Le surlendemain, je décide que la comédie a assez duré. Je profite d’une visite du « Chef » pour lui déclarer que désormais c’est avec moi qu’il discute. Derrière sa cagoule, j’ai l’impression que le « Grand Prêtre » devient blanc de stupeur. Il me rétorque d’un ton patelin que je ne comprends sans doute pas bien ma situation et qu’il n’a jamais eu d’otage aussi inconscient. Il a stipulé au frère 21 d’être particulièrement sévère avec moi mais pas au point de me rendre idiot.

Après cette passe d’armes inutiles, je lui propose un marché : je dispose d’un compte numéroté à Zurich d’un montant de quatre millions d’euros. Le magot est le résidu d’une vieille caisse noire d’origine incertaine au regard des critères légaux, dont je me sers pour des transactions portant sur l’or de la même couleur dans des pays fortement pétrolifères et dont les princes sont très sensibles à des apports financiers personnels. Il suffit que le « Chef » me fasse accompagné de frère 21 jusqu’à ma banque pour que je puisse lui transférer les fonds.

L’homme à la robe immaculé ne résiste pas longtemps à la proposition, surtout après que je propose, en outre, une rallonge de cinq cent mille euros pour ses petits frais domestiques. Il y met la seule condition que nous soyons accompagnés du frère 54 pour surveiller le frère 21 qui lui-même doit m’avoir à l’ œil. Si le frère 21 voit bien ce qu’il veut dire, rajoute-t-il d’un ton menaçant.

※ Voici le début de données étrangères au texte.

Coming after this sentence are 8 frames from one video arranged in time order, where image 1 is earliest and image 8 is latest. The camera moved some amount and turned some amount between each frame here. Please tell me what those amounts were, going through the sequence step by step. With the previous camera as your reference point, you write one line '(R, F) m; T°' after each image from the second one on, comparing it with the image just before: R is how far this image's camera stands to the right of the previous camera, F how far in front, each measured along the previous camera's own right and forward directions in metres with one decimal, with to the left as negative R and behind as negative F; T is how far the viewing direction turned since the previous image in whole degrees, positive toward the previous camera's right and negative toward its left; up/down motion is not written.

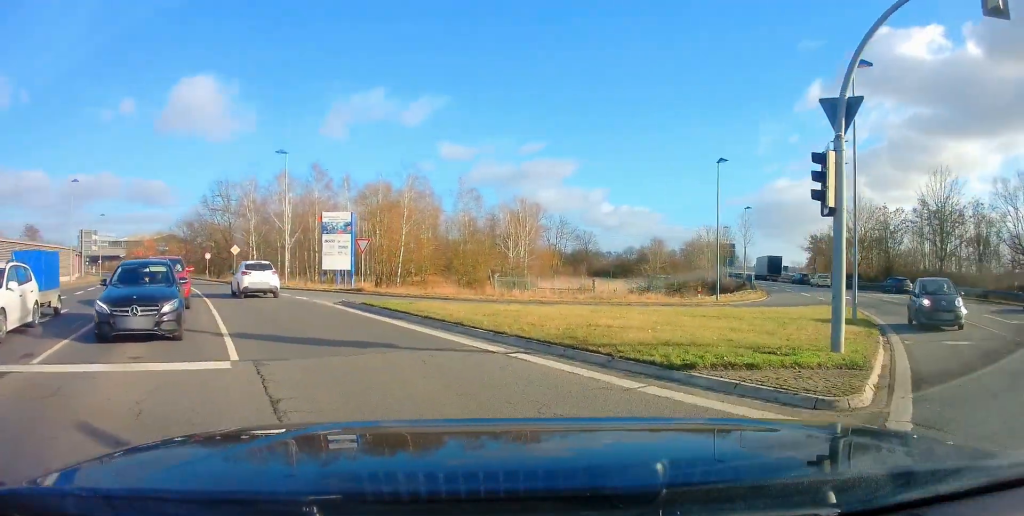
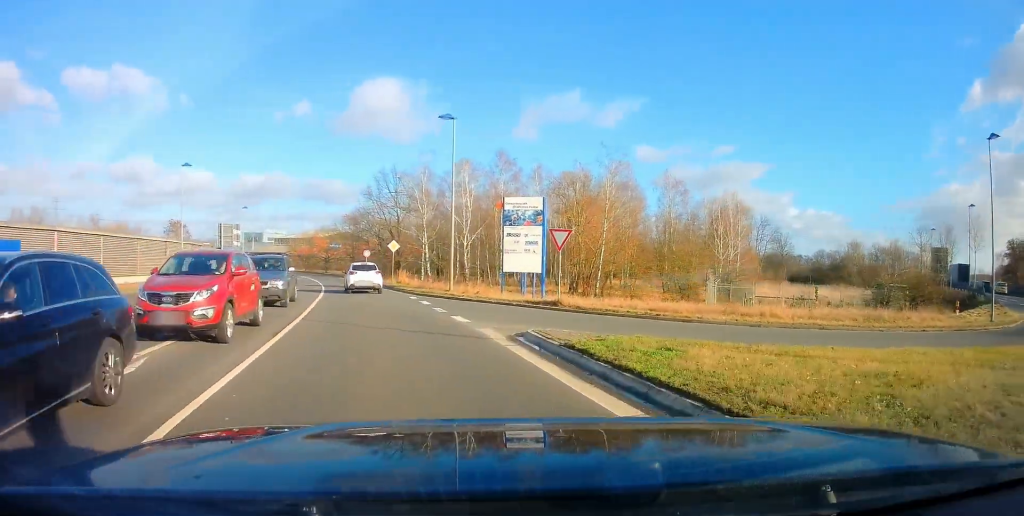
(-1.5, +8.5) m; -16°
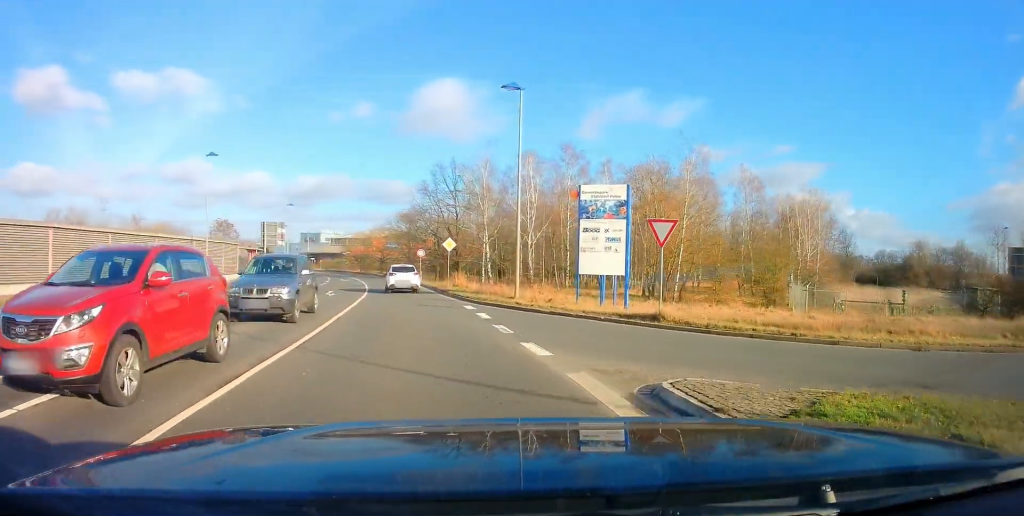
(-0.2, +4.6) m; -5°
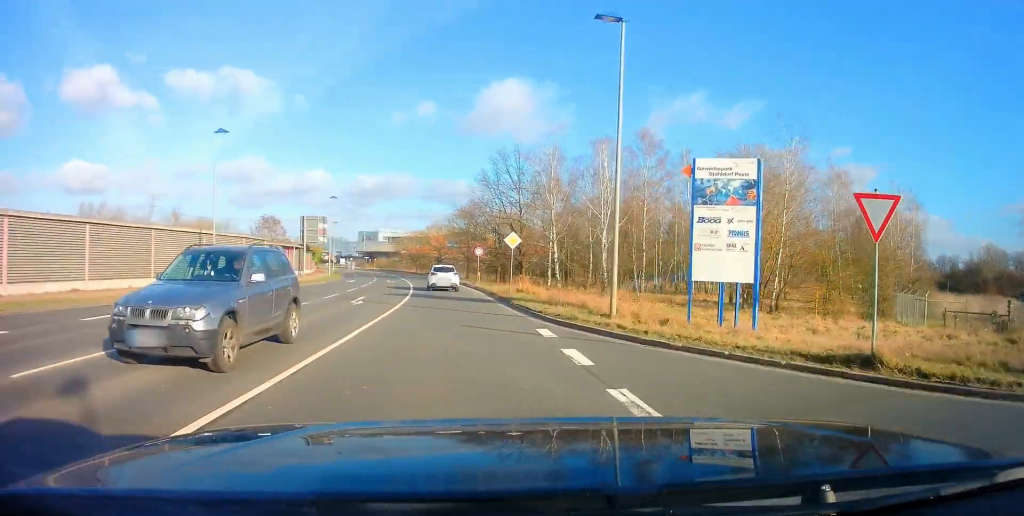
(-0.3, +6.4) m; -4°
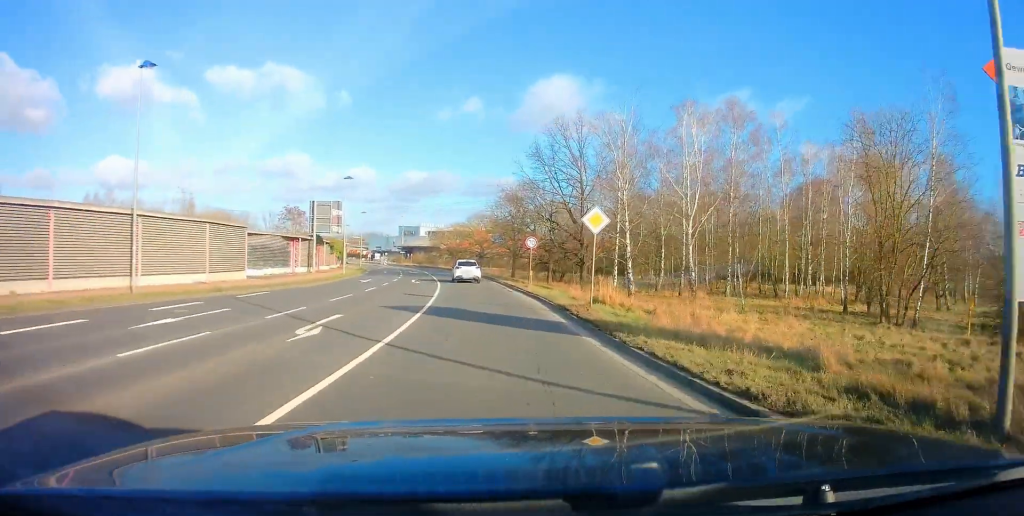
(-0.4, +10.3) m; -8°
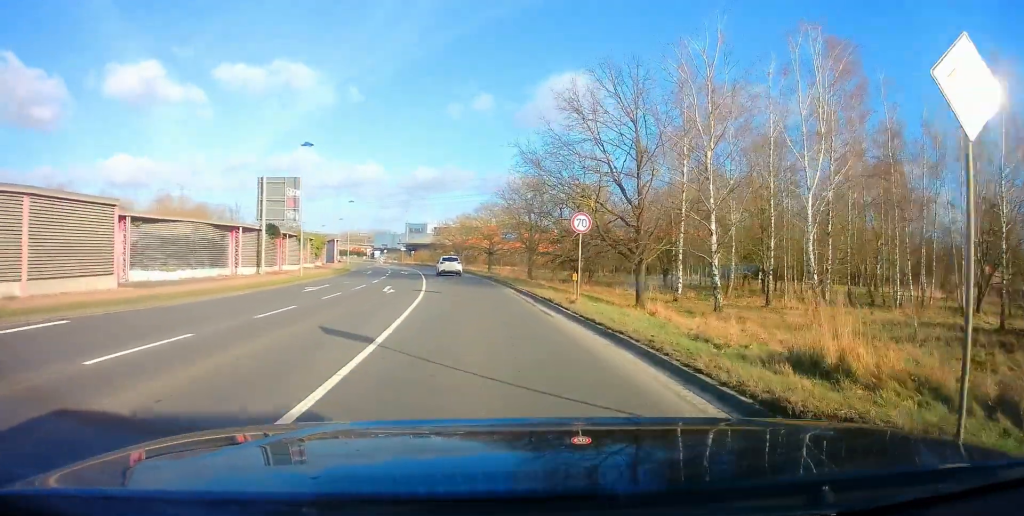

A mon retour en liberté, j’interroge longuement Lenoir pour connaître son point de vue exact sur l’estimation légèrement erronée qu’il a cru bon de faire concernant le prix à payer pour me rendre à la liberté. Lenoir n’est pas blanc comme neige, je peux même dire qu’il n’a jamais été une oie blanche. Il lorgne depuis longtemps sur ma place et mes avoirs. Je le remercie, à tous les sens de l’expression.

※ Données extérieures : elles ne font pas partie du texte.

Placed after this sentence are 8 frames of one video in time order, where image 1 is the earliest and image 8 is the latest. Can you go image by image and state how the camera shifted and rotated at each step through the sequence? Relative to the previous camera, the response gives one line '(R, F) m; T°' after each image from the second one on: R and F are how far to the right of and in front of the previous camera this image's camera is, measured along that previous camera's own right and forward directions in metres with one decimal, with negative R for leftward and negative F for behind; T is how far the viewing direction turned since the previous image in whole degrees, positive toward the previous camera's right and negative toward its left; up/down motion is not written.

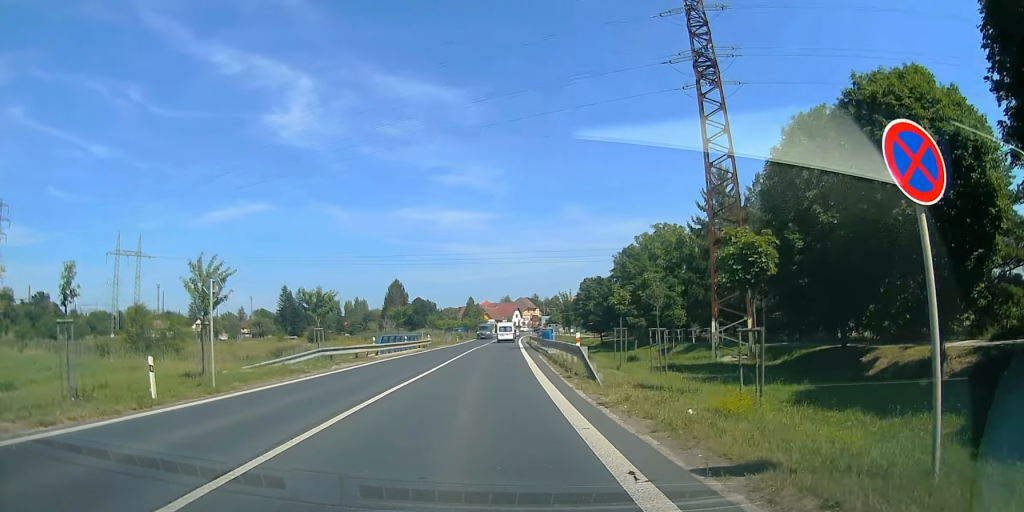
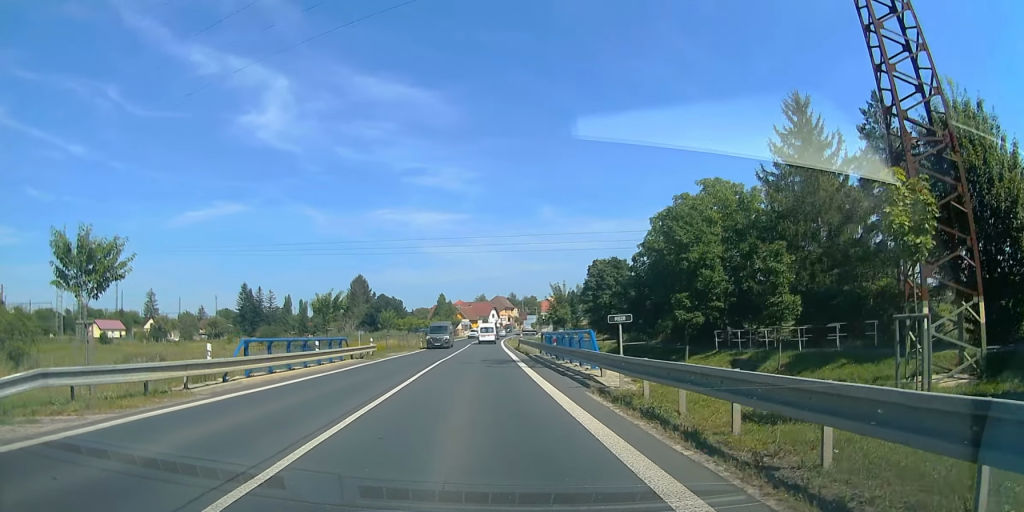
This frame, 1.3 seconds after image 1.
(+1.3, +18.5) m; +4°
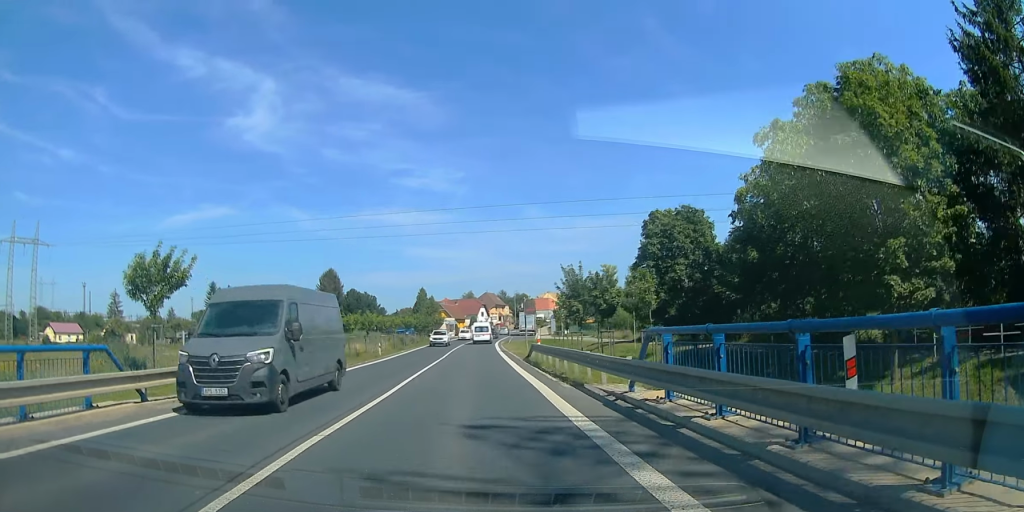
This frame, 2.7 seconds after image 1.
(-0.9, +19.7) m; 0°
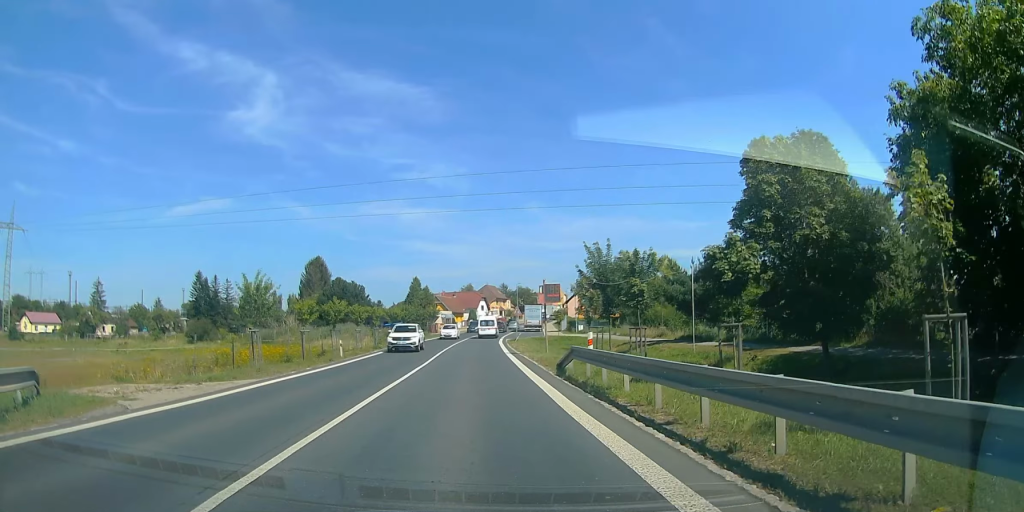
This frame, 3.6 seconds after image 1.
(+1.3, +11.8) m; 0°
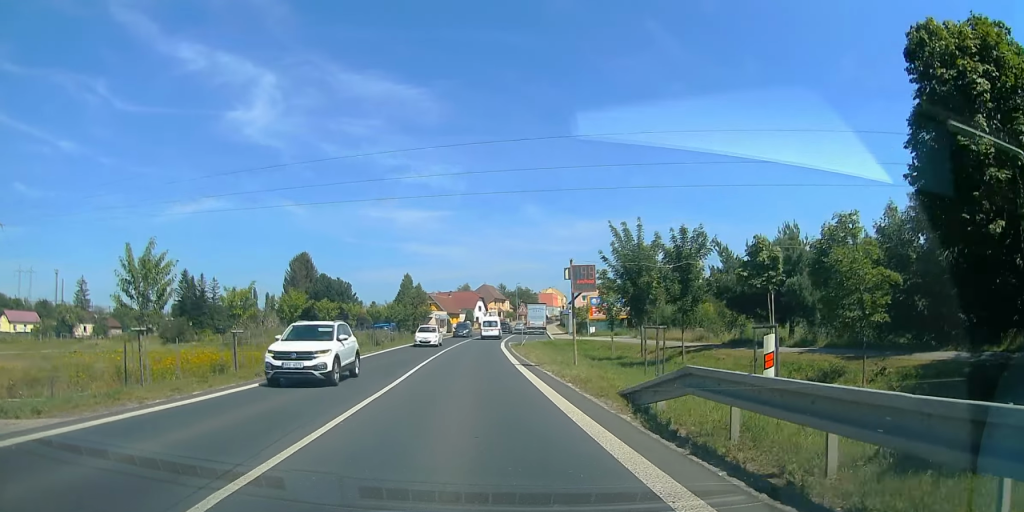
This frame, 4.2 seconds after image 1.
(-0.5, +9.0) m; 0°
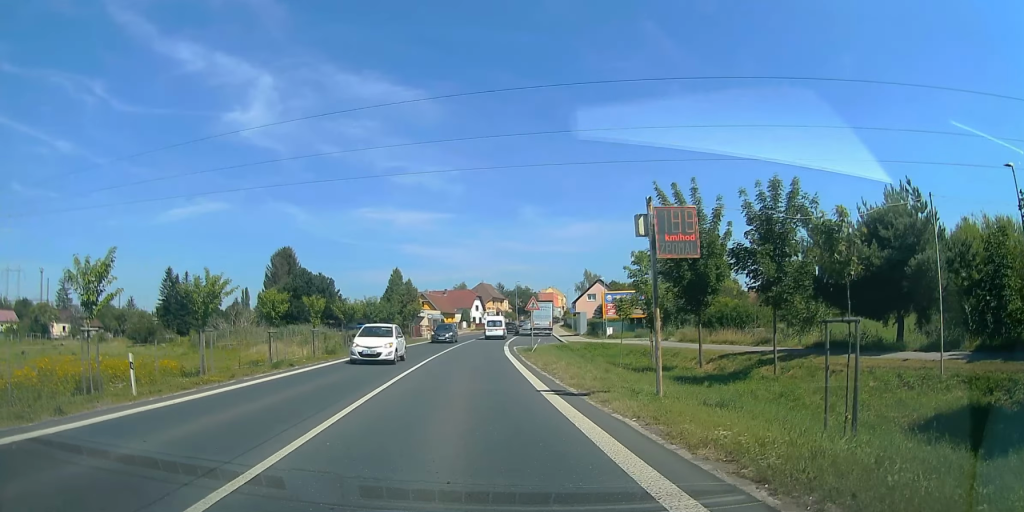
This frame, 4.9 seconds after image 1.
(-0.5, +9.5) m; +1°
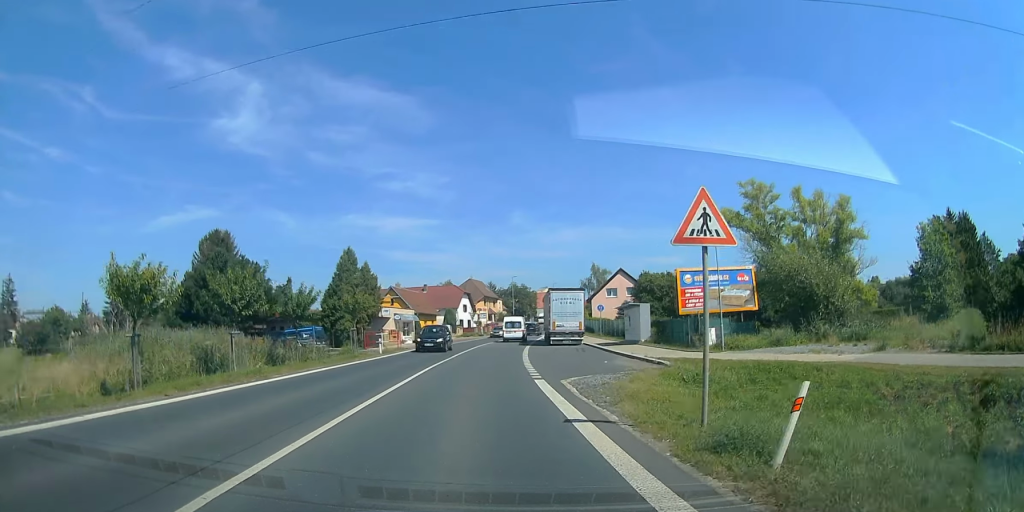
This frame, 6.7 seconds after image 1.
(+2.2, +25.5) m; -1°
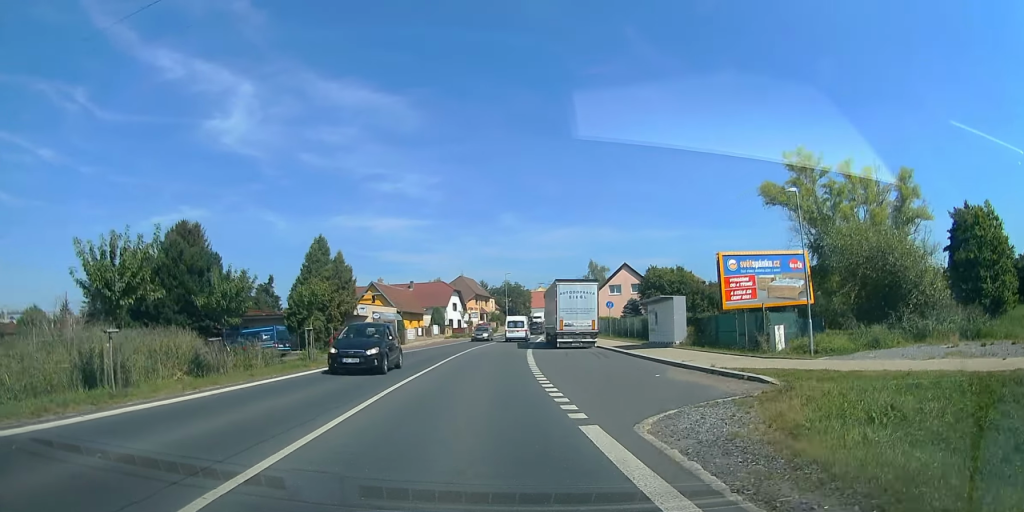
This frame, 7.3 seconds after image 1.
(-0.8, +7.7) m; 0°

Très contrarié par l’attitude de mon entourage, je désigne frère 21 comme second pour diriger désormais mes affaires. J’ai eu le temps de racheter sa liberté au « Chef » comme autrefois, on payait les maîtres blancs pour l’achat d’un esclave noir. Sauf que frère 21 est blanc, qu’il a un regard bleu malicieux et un sourire engageant qui me laisse penser qu’il doit inspirer une sympathie immédiate dans les discussions commerciales et financières, tout en sachant parfaitement tirer son épingle du jeu.

En me quittant, le Grand Maître m’a dit que, de toutes façons, il s’en fichait, frère 21 étant un très mauvais sujet qui ne songe qu’à s’amuser et à polluer les idées qu’il se donne un mal de chien à défendre. Pour cent mille euros, il a profité de ce mercato improvisé pour me transférer frère 21. Pour cinquante mille euros supplémentaires, le « chef » m’a même proposé frère 54 au motif qu’il passe son temps au bistrot au lieu de défendre la Cause. Frère 54, sans cagoule, se révèle être un ressortissant de Dakar, arrivé en Europe par des voies maritimes parfaitement irrégulières. Le Grand Maître ne tolère plus de frères noirs complètement noirs dès la nuit tombée. Du coup, frère 54 me devient subitement sympathique.

En ce premier matin de liberté, je regarde devant moi frère 21 et frère 54, deux exclus de la vie, blanc et noir de peau. Je décide de leur confier la mienne.